PLWA unsuccessfully tried to convince Fergus County commissioners in 2008 that the road was public. In 2010 the county attorney concluded the contested route was not “a statutorily created road.” So in 2012 PLWA filed suit. Following a five-day trial, Gilbert ruled the contested road was “private, having never been made public by landowner petition or by prescription,” according to the Supreme Court’s opinion.

PLWA had also argued the road met the requirements of a public route under a prescriptive easement definition because use had been continuous and adverse. The high court disagreed.

“PLWA’s presented testimony regarding seasonal recreational use is insufficient to demonstrate the public use was continuous and uninterrupted or to constitute adversity,” Baker wrote.

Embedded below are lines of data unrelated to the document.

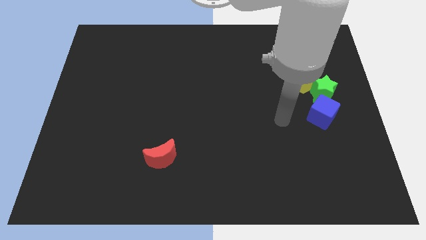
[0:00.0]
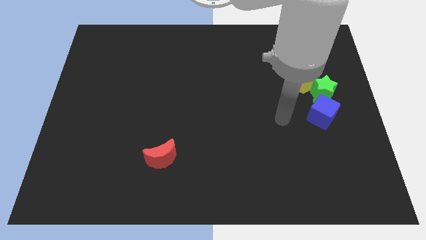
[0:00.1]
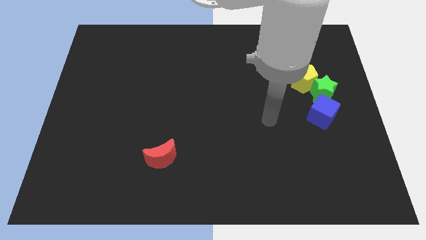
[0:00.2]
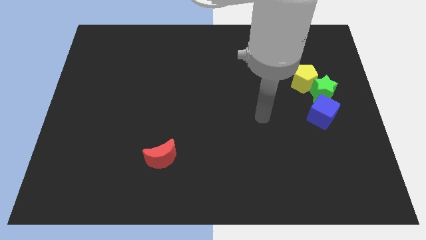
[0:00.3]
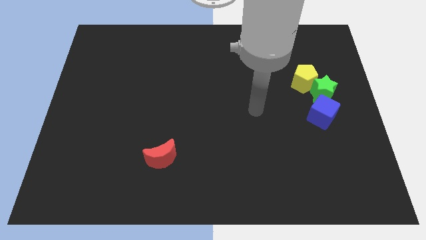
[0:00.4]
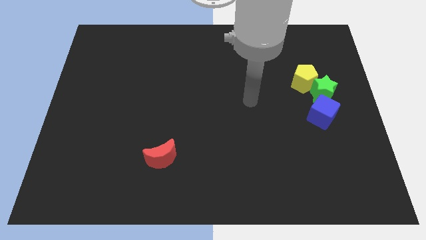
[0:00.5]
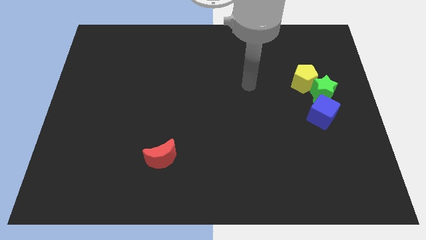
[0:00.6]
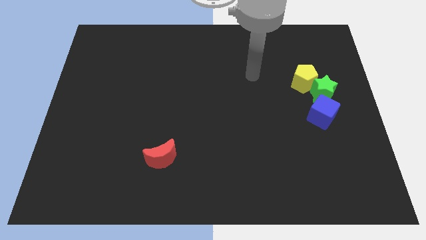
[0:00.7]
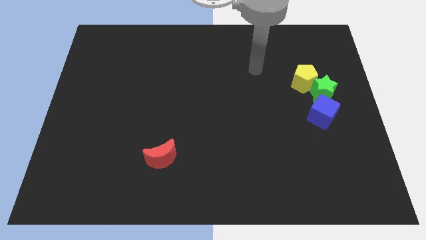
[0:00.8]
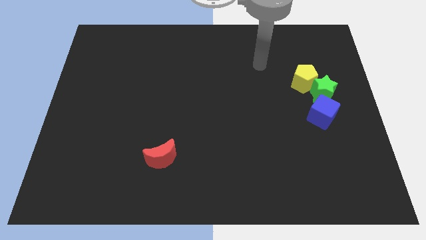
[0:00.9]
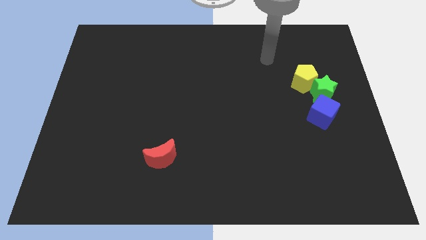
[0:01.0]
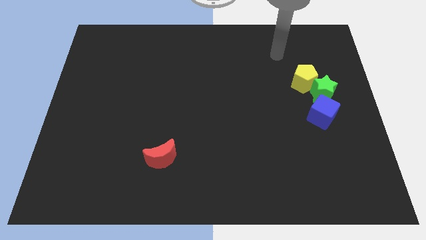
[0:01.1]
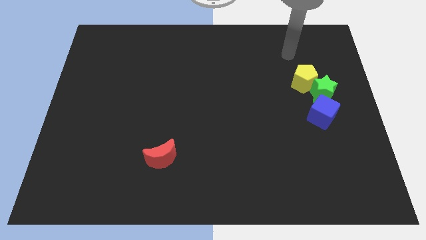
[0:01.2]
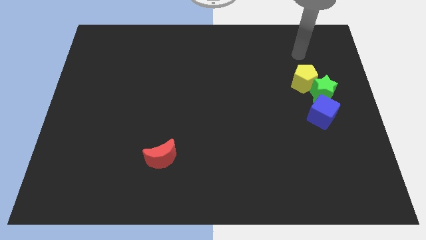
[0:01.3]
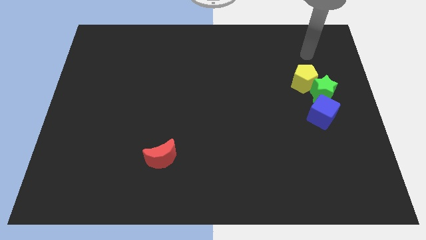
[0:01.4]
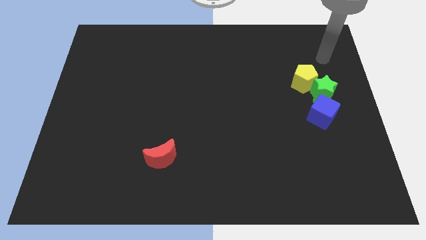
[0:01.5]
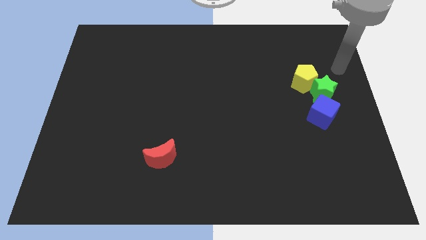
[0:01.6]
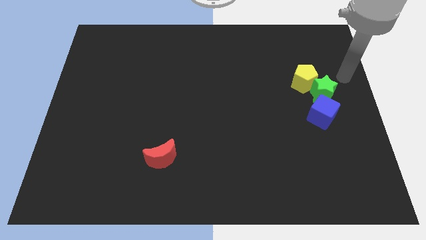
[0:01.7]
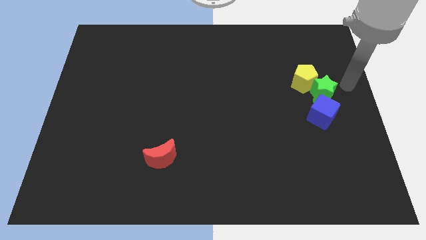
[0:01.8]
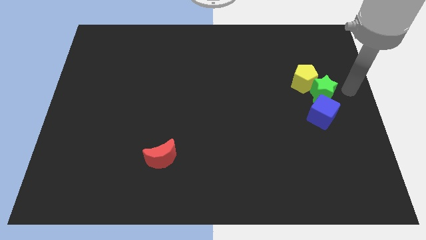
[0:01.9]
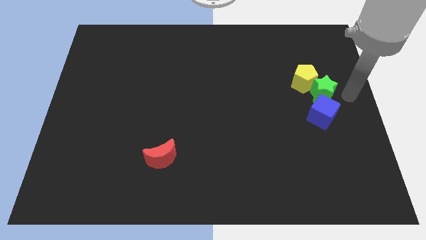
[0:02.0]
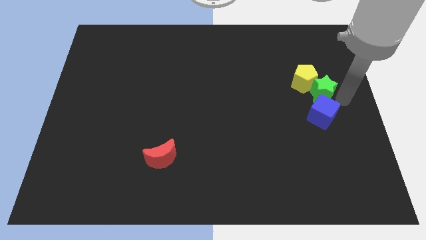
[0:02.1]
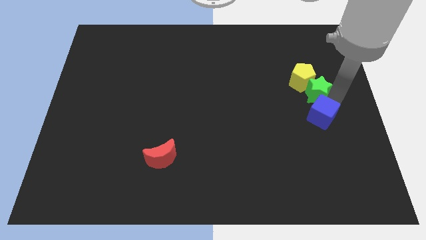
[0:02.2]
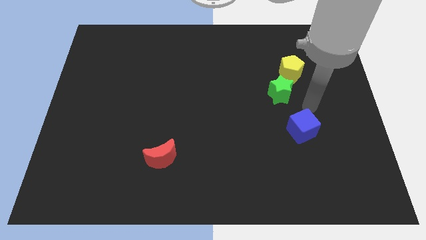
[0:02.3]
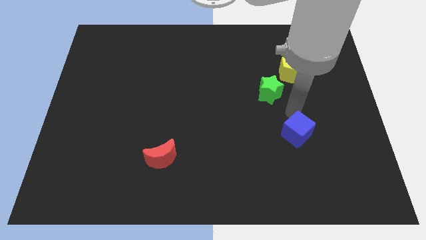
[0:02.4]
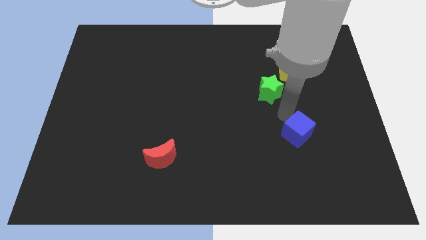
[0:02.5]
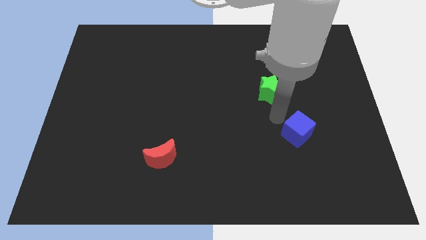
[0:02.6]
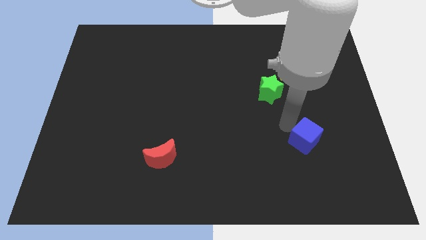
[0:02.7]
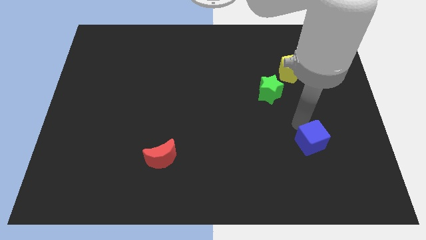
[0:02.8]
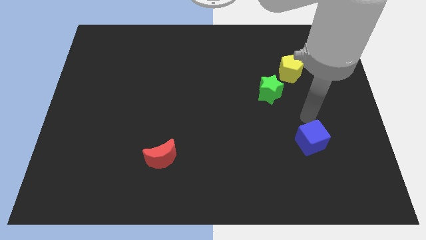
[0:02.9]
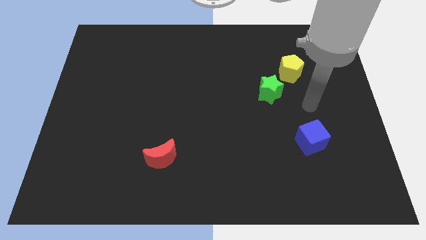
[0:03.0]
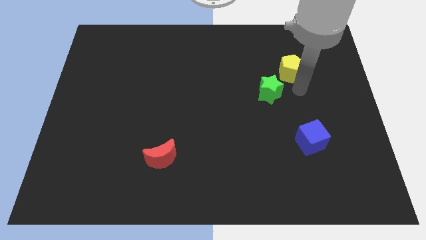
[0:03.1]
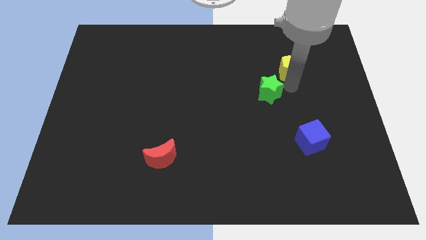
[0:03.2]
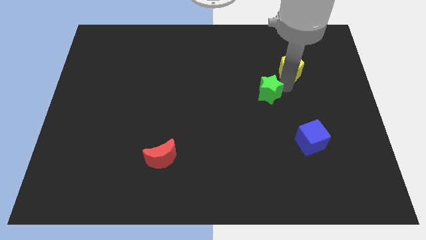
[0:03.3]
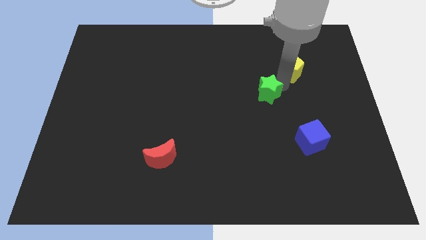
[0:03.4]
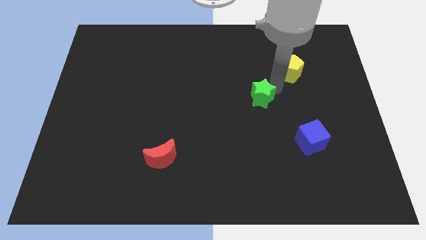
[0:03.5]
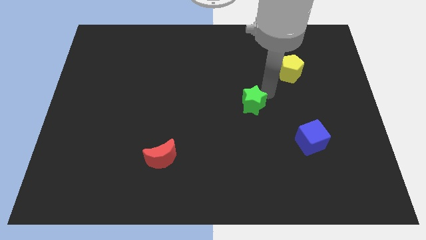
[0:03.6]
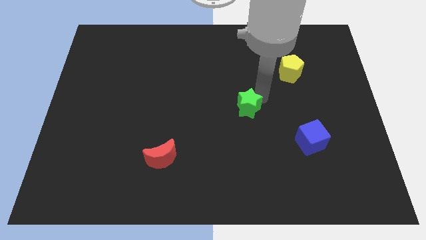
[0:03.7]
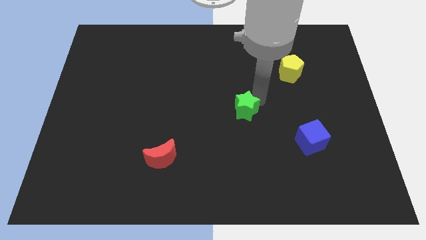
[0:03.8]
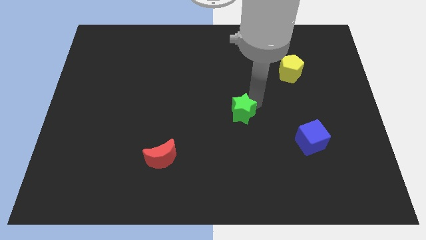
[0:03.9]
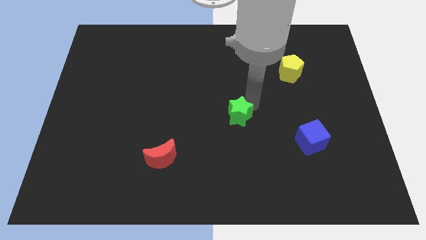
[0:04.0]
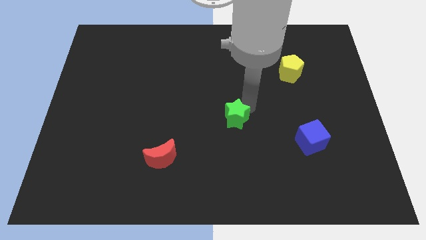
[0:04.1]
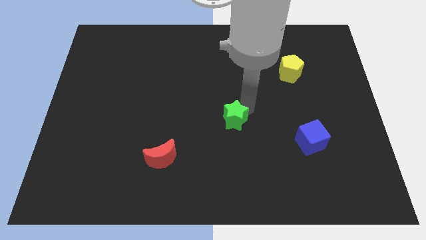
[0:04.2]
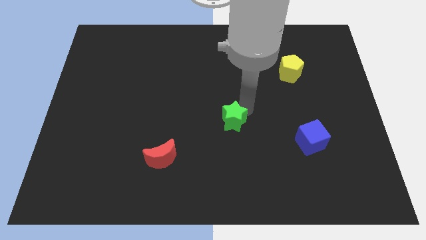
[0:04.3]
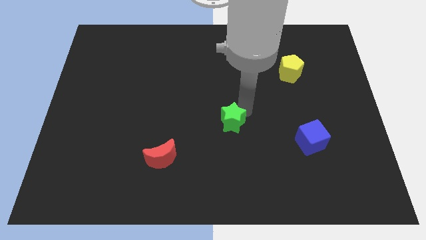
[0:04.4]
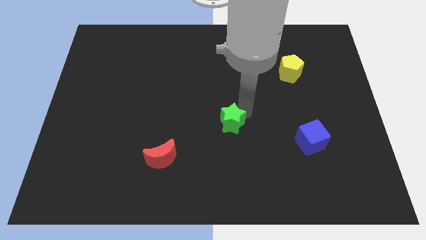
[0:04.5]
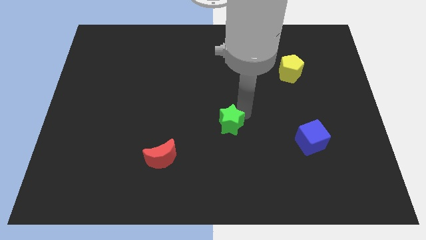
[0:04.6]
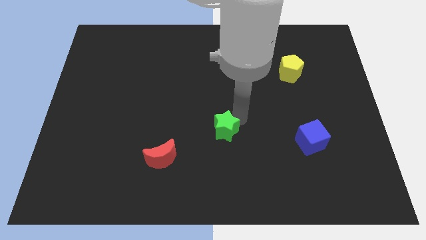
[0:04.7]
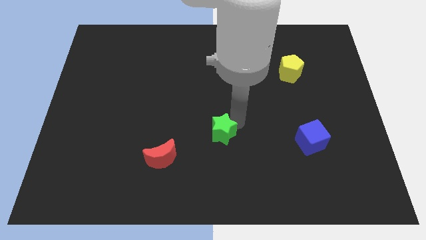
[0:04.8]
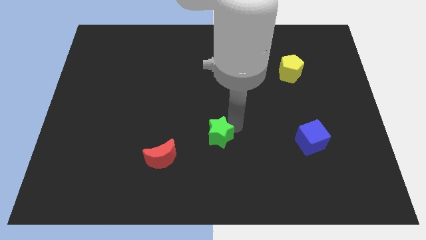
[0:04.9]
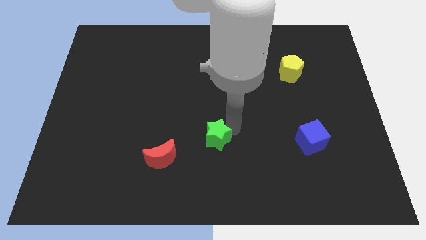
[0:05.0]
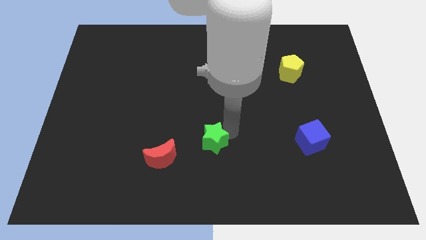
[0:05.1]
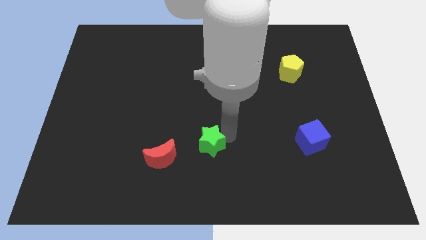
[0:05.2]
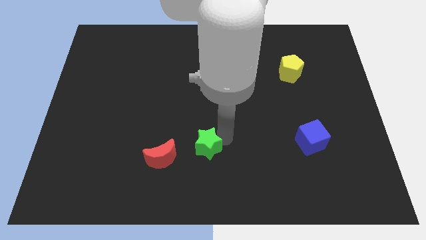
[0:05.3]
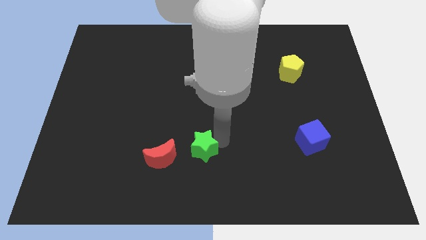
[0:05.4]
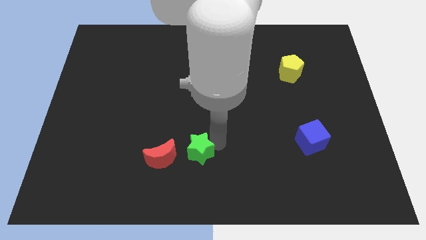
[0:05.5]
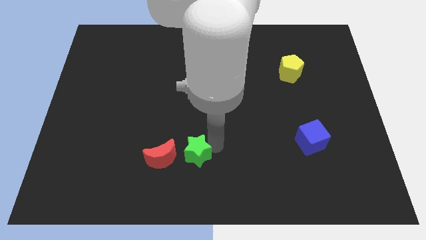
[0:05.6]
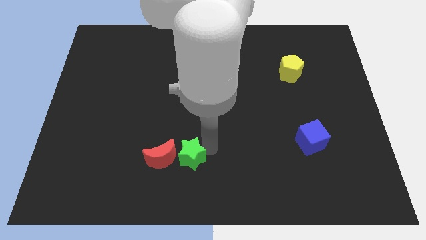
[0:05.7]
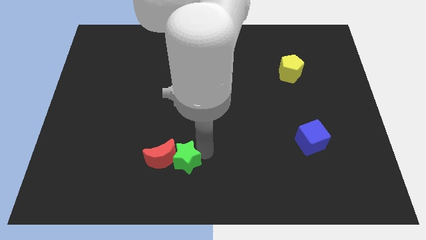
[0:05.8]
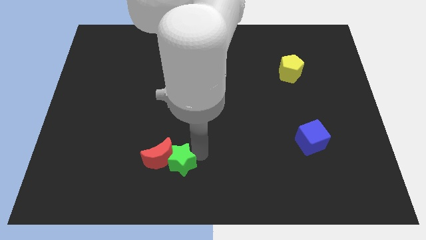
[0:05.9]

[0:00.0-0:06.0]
move the green star towards the red moon

The road is shown on maps dating back to the early 1900s. During the trial, a former BLM official testified the agency had worked on the road.

Access to public lands has been a contentious issue for decades, sometimes pitting hunters and other recreationists against private landowners — often ones who have newly acquired the property. The legislature has stepped in with proposed bills over the years to try to solve the issue, but has so far been unsuccessful.

This session Sen. Steve Hinebauch, R-Wibaux, introduced Senate Bill 354 seeking to address the issue of prescriptive easements by requiring that they be filed with the state by the end of next year. The bill passed the Senate, and the House amended the legislation. The bill now awaits conference committee action.

Senate Bill 115 allows the Montana Land Board to have final authority over Montana Fish, Wildlife & Parks’ conservation easements. When FWP purchases easements public access is always a component. That bill awaits the governor’s signature.

Past legislation by Democratic lawmakers has died when they attempted to require landowners to prove a road is not public before they can legally gate and post no trespassing signs.